**Exercise details:**
Exact copy, pictures excluded: reproduce every record below.

(Collection entries)
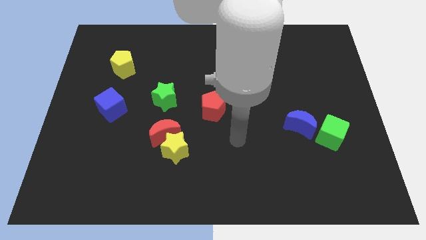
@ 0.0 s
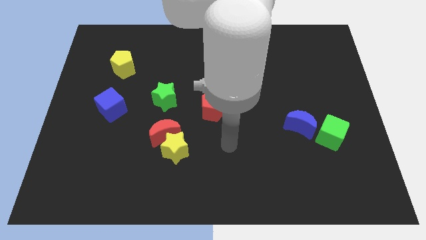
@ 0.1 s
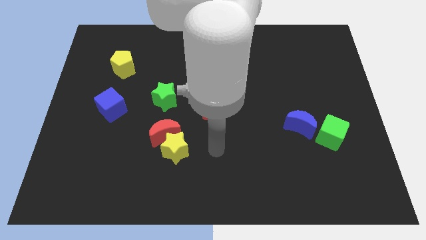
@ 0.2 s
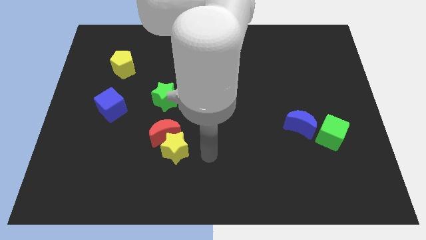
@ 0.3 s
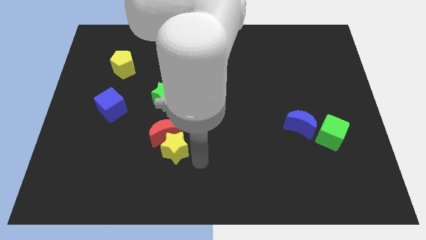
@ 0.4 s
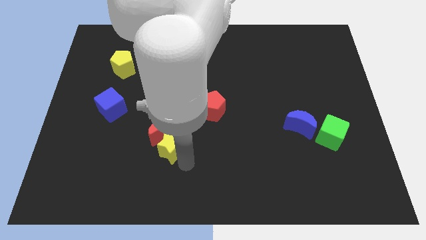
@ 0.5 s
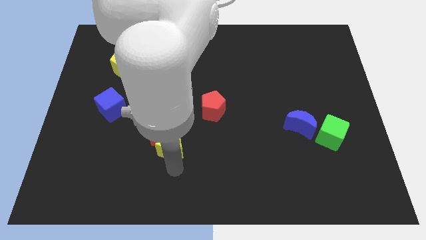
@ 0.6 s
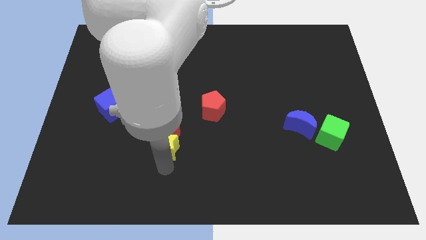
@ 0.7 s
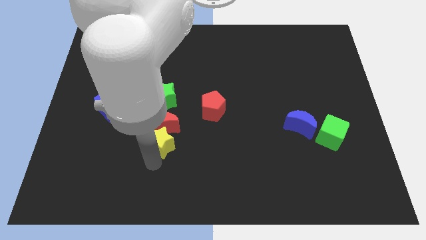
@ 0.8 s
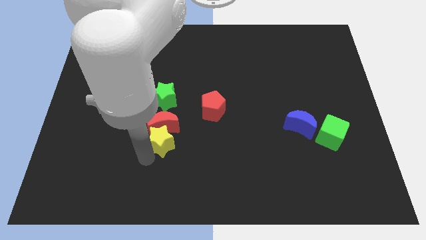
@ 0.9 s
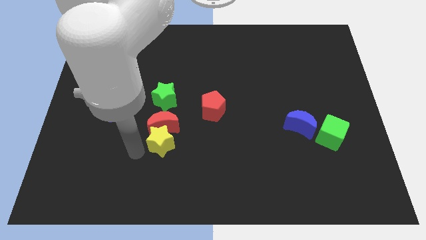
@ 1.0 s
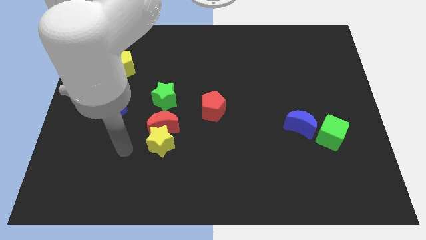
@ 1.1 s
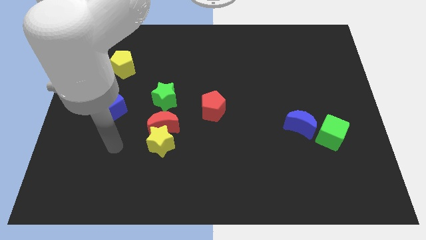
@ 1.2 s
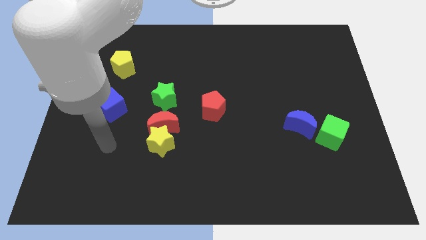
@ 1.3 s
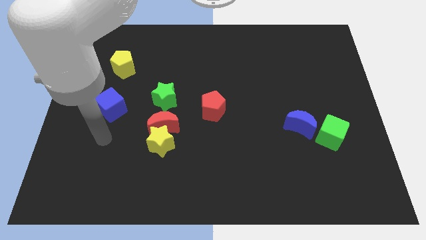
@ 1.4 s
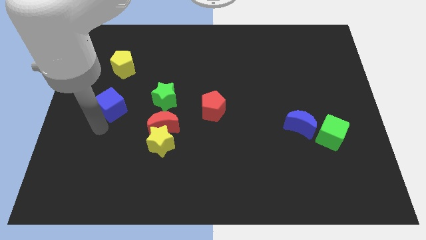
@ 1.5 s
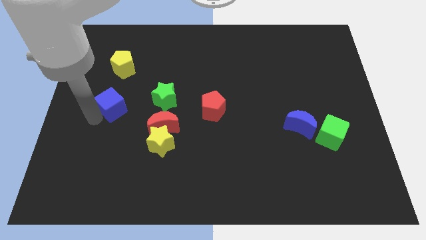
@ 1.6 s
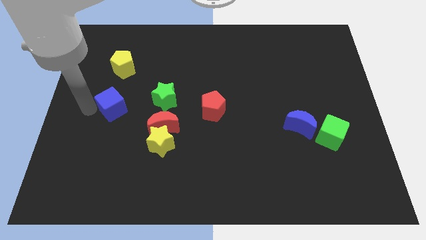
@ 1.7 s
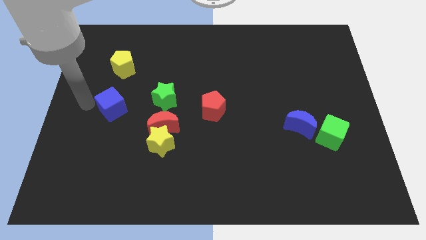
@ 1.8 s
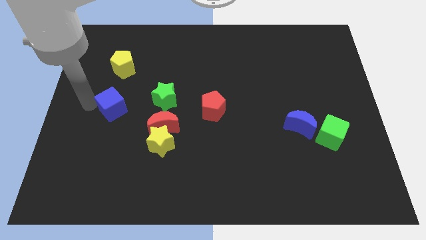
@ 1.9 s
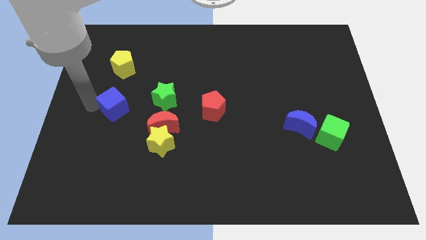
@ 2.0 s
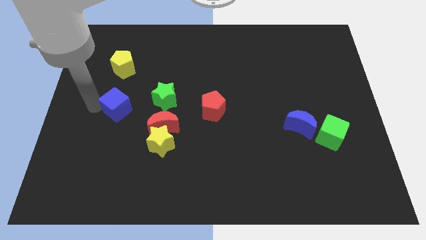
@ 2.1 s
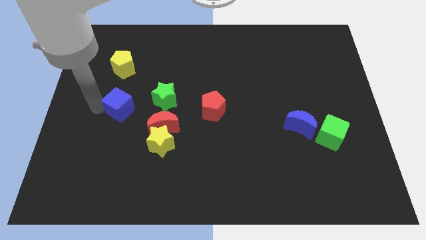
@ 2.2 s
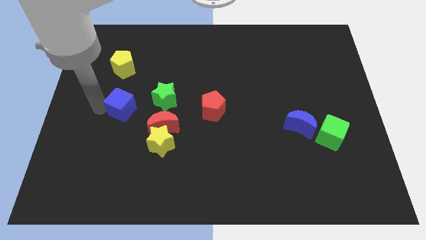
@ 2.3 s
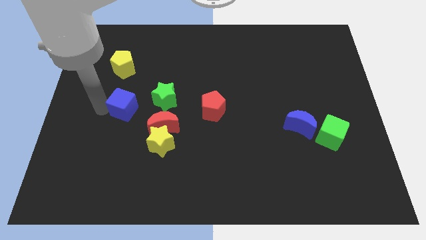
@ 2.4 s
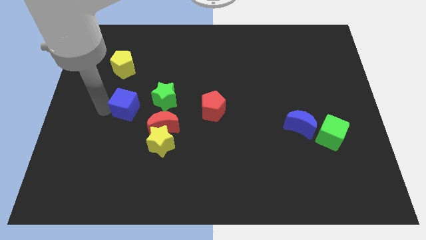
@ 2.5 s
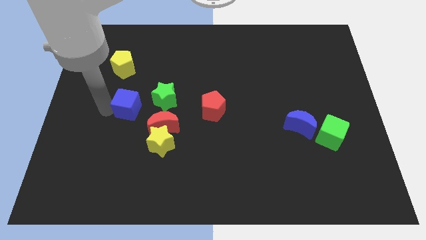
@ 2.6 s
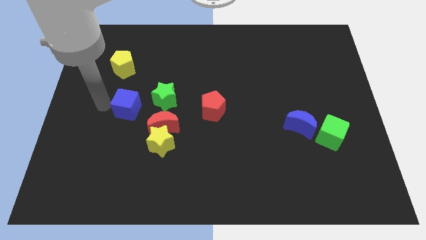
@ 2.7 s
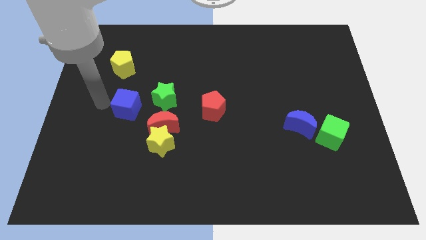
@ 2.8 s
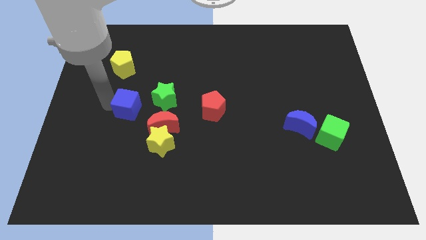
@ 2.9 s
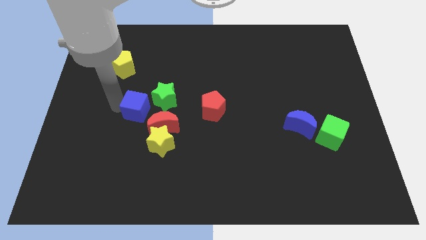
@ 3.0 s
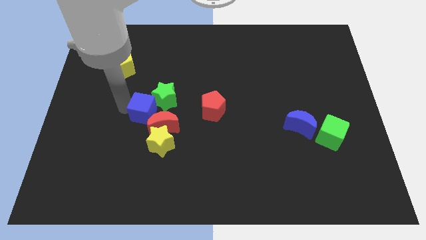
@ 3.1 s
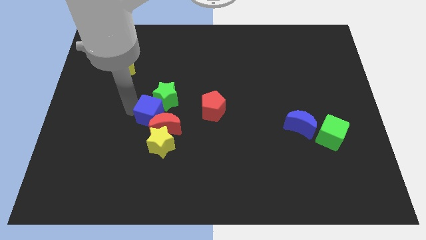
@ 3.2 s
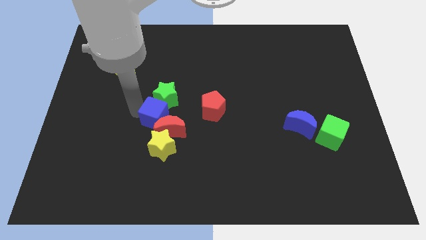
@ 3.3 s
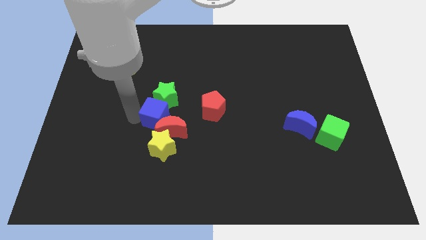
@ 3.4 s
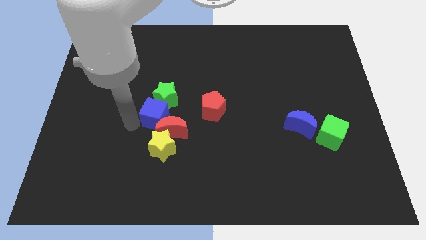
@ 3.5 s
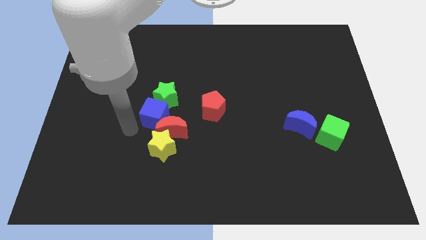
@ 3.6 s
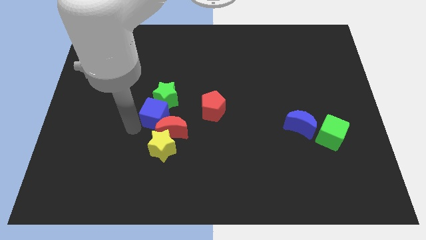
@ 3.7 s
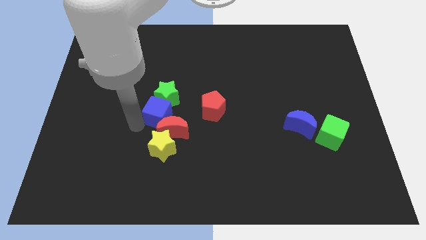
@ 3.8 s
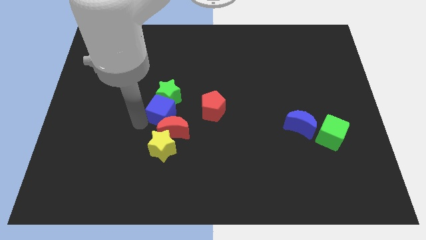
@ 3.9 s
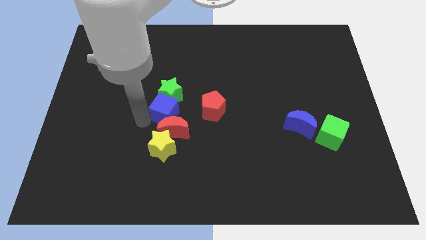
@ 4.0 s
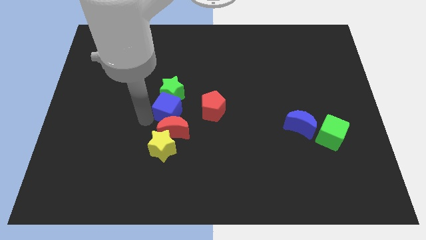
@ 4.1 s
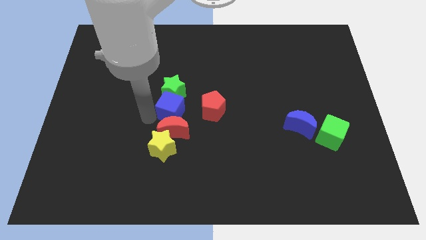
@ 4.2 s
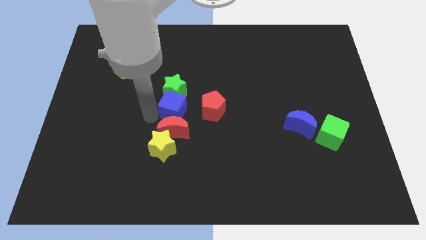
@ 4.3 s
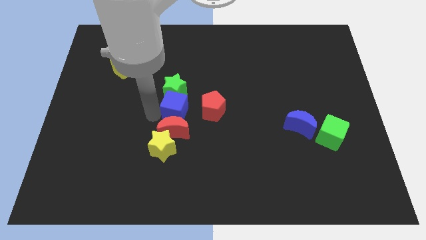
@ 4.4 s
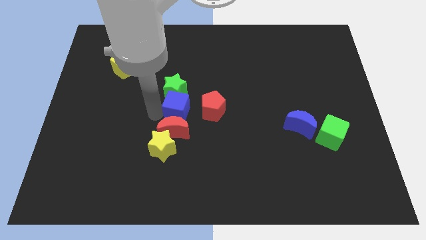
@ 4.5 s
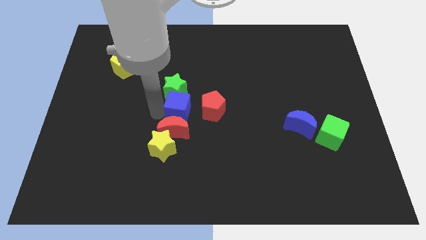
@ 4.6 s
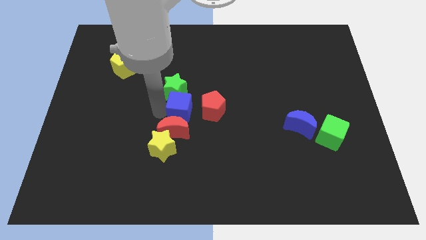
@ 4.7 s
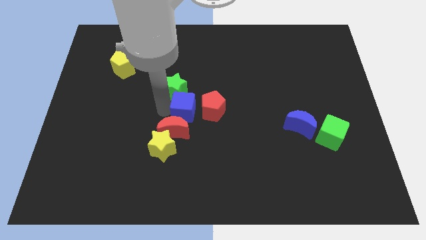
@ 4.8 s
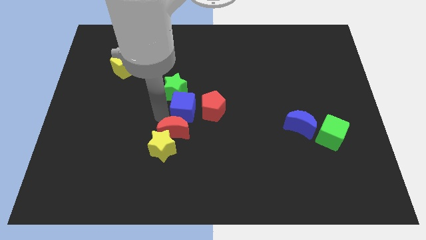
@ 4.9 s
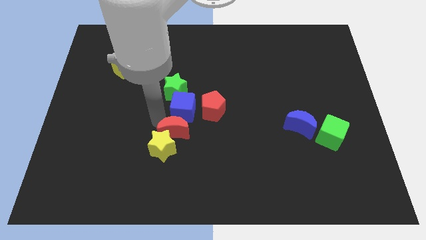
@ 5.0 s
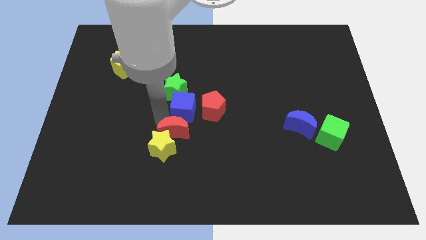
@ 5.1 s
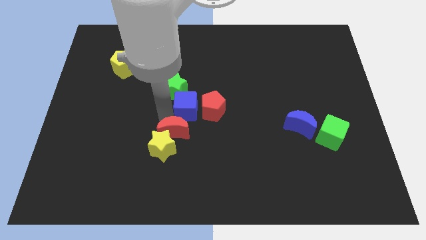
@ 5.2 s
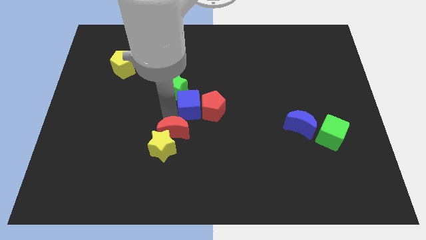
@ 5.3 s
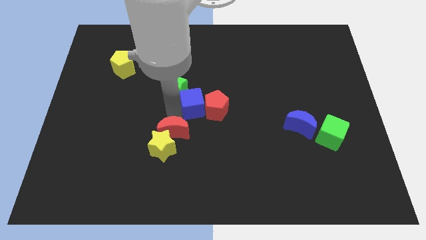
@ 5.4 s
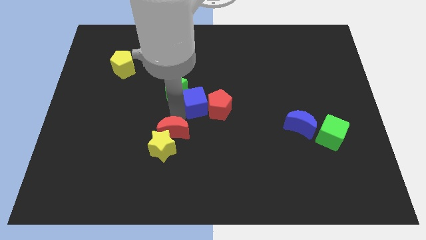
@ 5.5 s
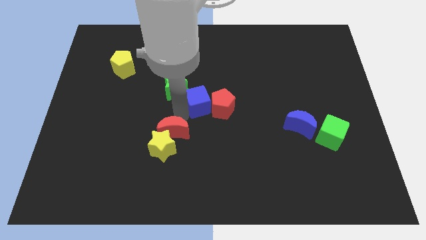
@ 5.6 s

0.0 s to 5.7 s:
push the blue cube right

**Response for this exercise:**
@ 0.0 s
@ 0.1 s
@ 0.2 s
@ 0.3 s
@ 0.4 s
@ 0.5 s
@ 0.6 s
@ 0.7 s
@ 0.8 s
@ 0.9 s
@ 1.0 s
@ 1.1 s
@ 1.2 s
@ 1.3 s
@ 1.4 s
@ 1.5 s
@ 1.6 s
@ 1.7 s
@ 1.8 s
@ 1.9 s
@ 2.0 s
@ 2.1 s
@ 2.2 s
@ 2.3 s
@ 2.4 s
@ 2.5 s
@ 2.6 s
@ 2.7 s
@ 2.8 s
@ 2.9 s
@ 3.0 s
@ 3.1 s
@ 3.2 s
@ 3.3 s
@ 3.4 s
@ 3.5 s
@ 3.6 s
@ 3.7 s
@ 3.8 s
@ 3.9 s
@ 4.0 s
@ 4.1 s
@ 4.2 s
@ 4.3 s
@ 4.4 s
@ 4.5 s
@ 4.6 s
@ 4.7 s
@ 4.8 s
@ 4.9 s
@ 5.0 s
@ 5.1 s
@ 5.2 s
@ 5.3 s
@ 5.4 s
@ 5.5 s
@ 5.6 s

0.0 s to 5.7 s:
push the blue cube right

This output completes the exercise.